The r-squared value from the linear regression is only .0849.Since this is so low, we are not confident in this model. We graphed the residuals in the following plot, just to see the variations in the points. At this point, it is clear that linear regression is not the best option.


Lineaer Residuals

MangoMax$maxpredicted= predict(fit)
MangoMax$maxresiduals = residuals(fit)
View(MangoMax)
ggplot(MangoMax, aes(x= ANNEES, y = MOY))+ geom_smooth(method = "lm", se = FALSE, color = "blue") +geom_point()+
geom_segment(aes(xend = ANNEES, yend = maxpredicted))+xlab("Years") +ylab("Months")+ggtitle("Residuals of Mango Maximum Temperature")


From the summary of the linear regression and further examination of a graph of the residuals, we do not feel comfortable saying that there is evidence that the temperature decreased. Since the r squared value is so low, we do not feel like there is evidence that the coefficent is different than 0. Therefore, we do not believe that the maximum temperature demonstrates a significant decrease. The next graph, is of what we feel is the best model for the maximum temperatures, a horizontal line through the mean.


Horizontal Line

ggplot(MangoMax, aes(x= ANNEES, y = MOY))+ geom_point()+ geom_hline(yintercept= mean(MangoMax$MOY), color = "blue")+ggtitle("Maximum Temperatures with Horizontal Line")+xlab("Years")+ ylab("Month")

Minimum Temperatures

ggplot(MangoMin, aes(MangoMin$ANNEES, MangoMin$MOY))+ geom_point()+ labs (x = "Years", y = "Temperature") + ggtitle("Mango Minimum Temperatures")

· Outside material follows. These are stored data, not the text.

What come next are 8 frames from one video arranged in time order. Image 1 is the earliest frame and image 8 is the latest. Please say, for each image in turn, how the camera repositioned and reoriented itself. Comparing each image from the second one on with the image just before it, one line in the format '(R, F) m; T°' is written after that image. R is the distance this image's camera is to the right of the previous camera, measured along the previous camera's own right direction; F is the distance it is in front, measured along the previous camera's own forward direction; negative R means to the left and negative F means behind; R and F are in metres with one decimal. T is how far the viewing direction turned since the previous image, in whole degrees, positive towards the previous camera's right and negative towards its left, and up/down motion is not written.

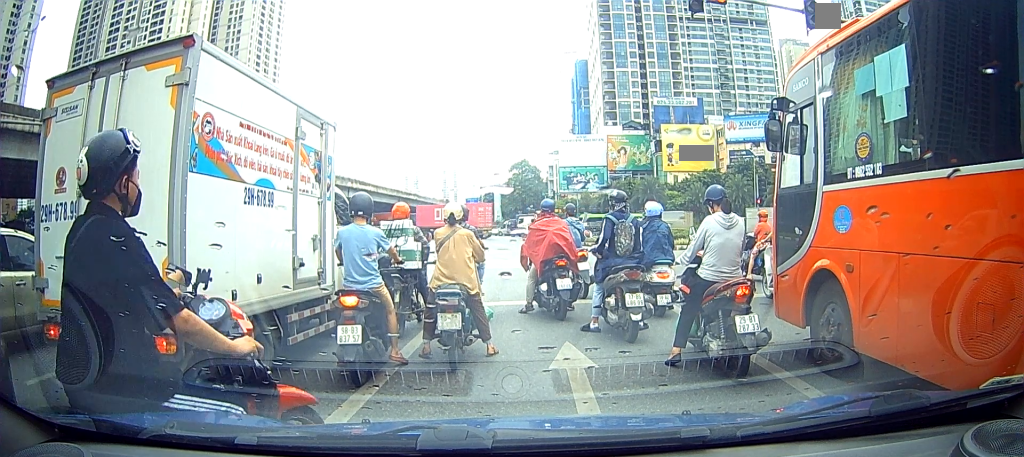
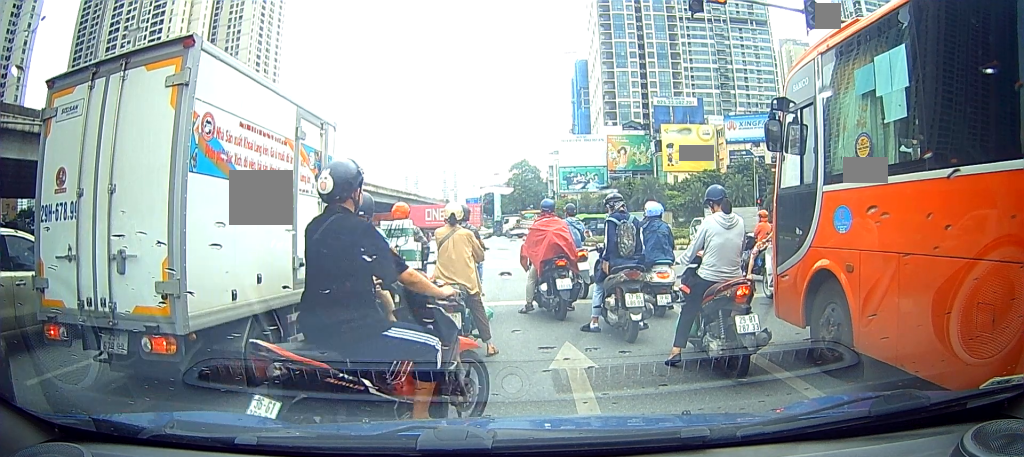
(0.0, 0.0) m; 0°
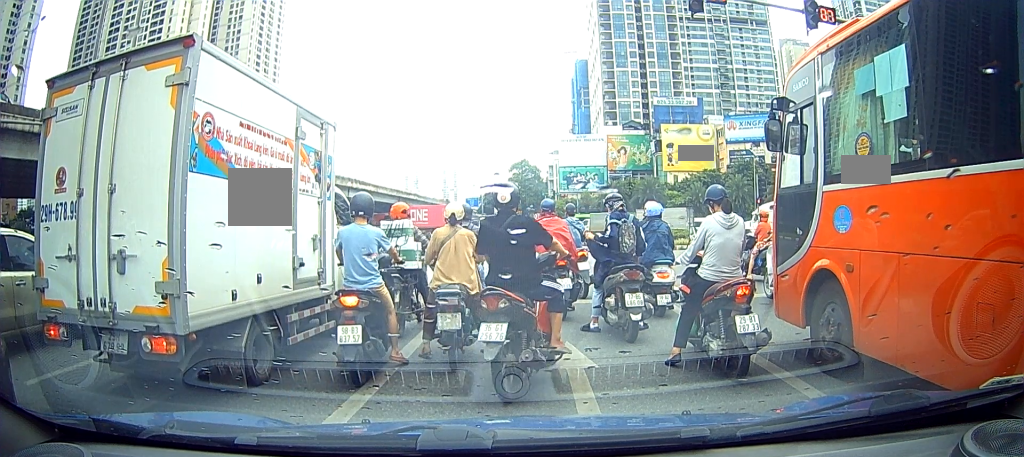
(0.0, 0.0) m; 0°
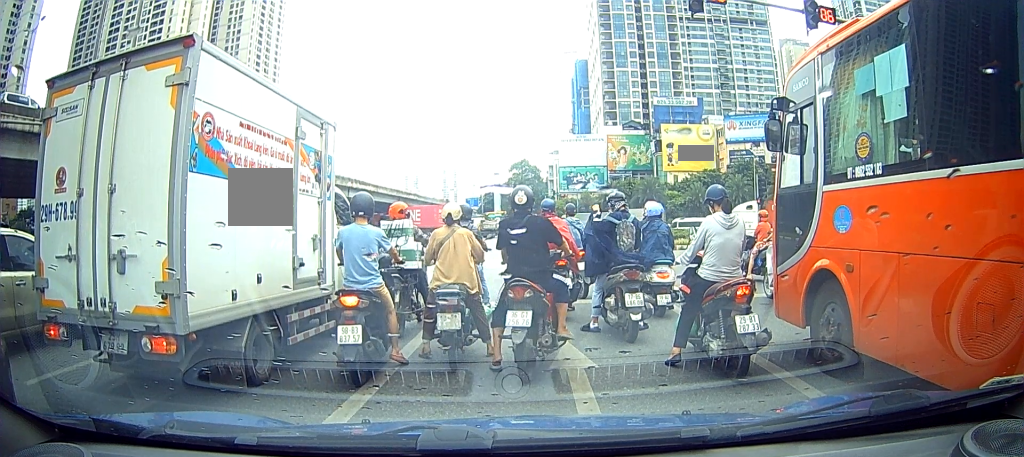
(0.0, 0.0) m; 0°
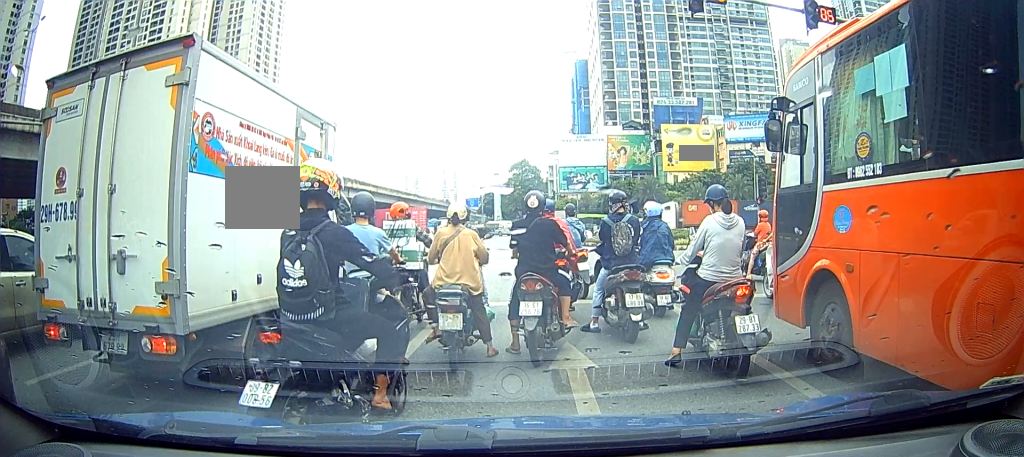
(0.0, 0.0) m; 0°
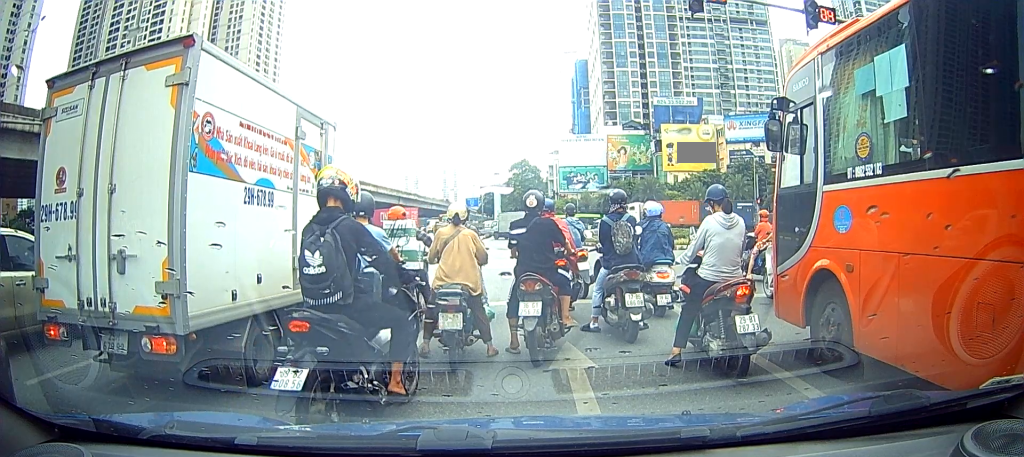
(0.0, 0.0) m; 0°
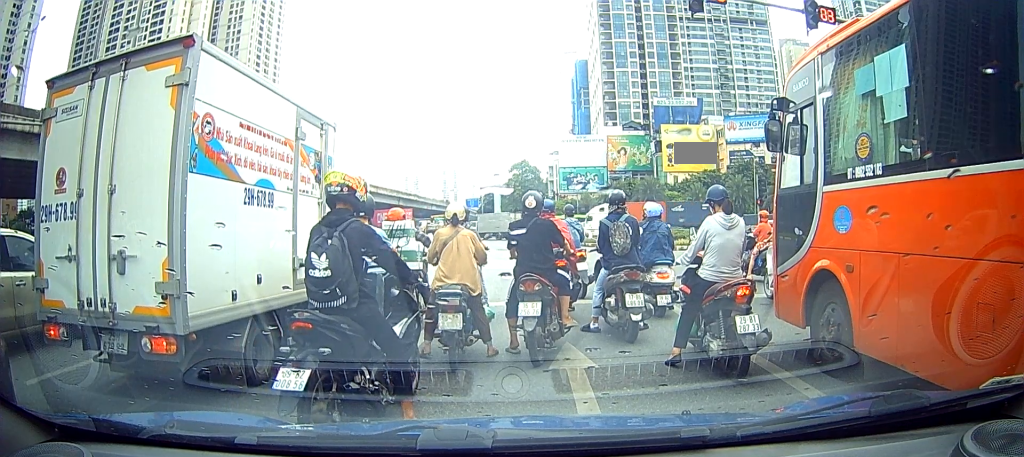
(0.0, 0.0) m; 0°
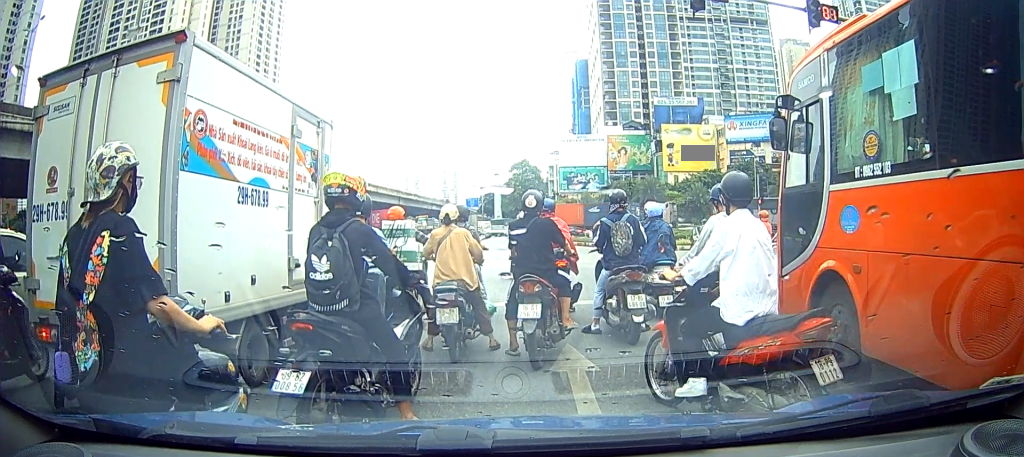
(0.0, 0.0) m; 0°

Just by looking at the minimum temperature points, it is clear that there is sometype of upward slope. To further investigate, we added a linear regression line on the scatterplot.


Add Linear Regression

ggplot(MangoMin, aes(MangoMin$ANNEES, MangoMin$MOY))+ geom_point()+ labs (x = "Years", y = "Temperature") + ggtitle("Minimum Temp With Linear") + geom_smooth(method = "lm", se=FALSE)

linearmin= lm( MOY ~ ANNEES, data =MangoMin)
stargazer(linearmin, type = 'html', header = FALSE, title= "Minimum Linear Regression Analysis", single.row = TRUE, column.sep.width = "1pt")
Minimum Linear Regression Analysis
Dependent variable:
MOY
ANNEES 0.047*** (0.004)
Constant -70.805*** (8.252)
Observations 55
R2 0.706
Adjusted R2 0.700
Residual Std. Error 0.489 (df = 53)
F Statistic 127.043*** (df = 1; 53)
Note: p<0.1; p<0.05; p<0.01

From the summary of the linear regression, we can see that our r-squared value is about .70. The residuals from the linear regression seem to fall evenly above and below the regression line, but not that many are right on the line. While the linear regression is good, we would like to see if a quadratic model would fit better.


Linear Regression Residuals

MangoMin$linpredicted= predict(linearmin)
MangoMin$linresiduals = residuals(linearmin)
View(MangoMin)
ggplot(MangoMin, aes(x= ANNEES, y = MOY))+ stat_smooth(method = "lm", se = FALSE) +geom_point()+
geom_segment(aes(xend = ANNEES, yend = linpredicted)) +xlab("Years") +ylab("Temperature")+ggtitle("Residuals of Linear Regression Mango Minimum Temperature")

Quadratic Regression

ANNEES2 = MangoMin$ANNEES^2
quadraticmin = lm(MOY ~ ANNEES + ANNEES2, data= MangoMin)
ggplot(MangoMin, aes(x= ANNEES, y = MOY))+ stat_smooth(method = "lm", formula = y~x +I(x^2), se = FALSE) +geom_point() + ylab("Temperatures")+ xlab("Years")+ ggtitle("Qudratic Regression Minimum")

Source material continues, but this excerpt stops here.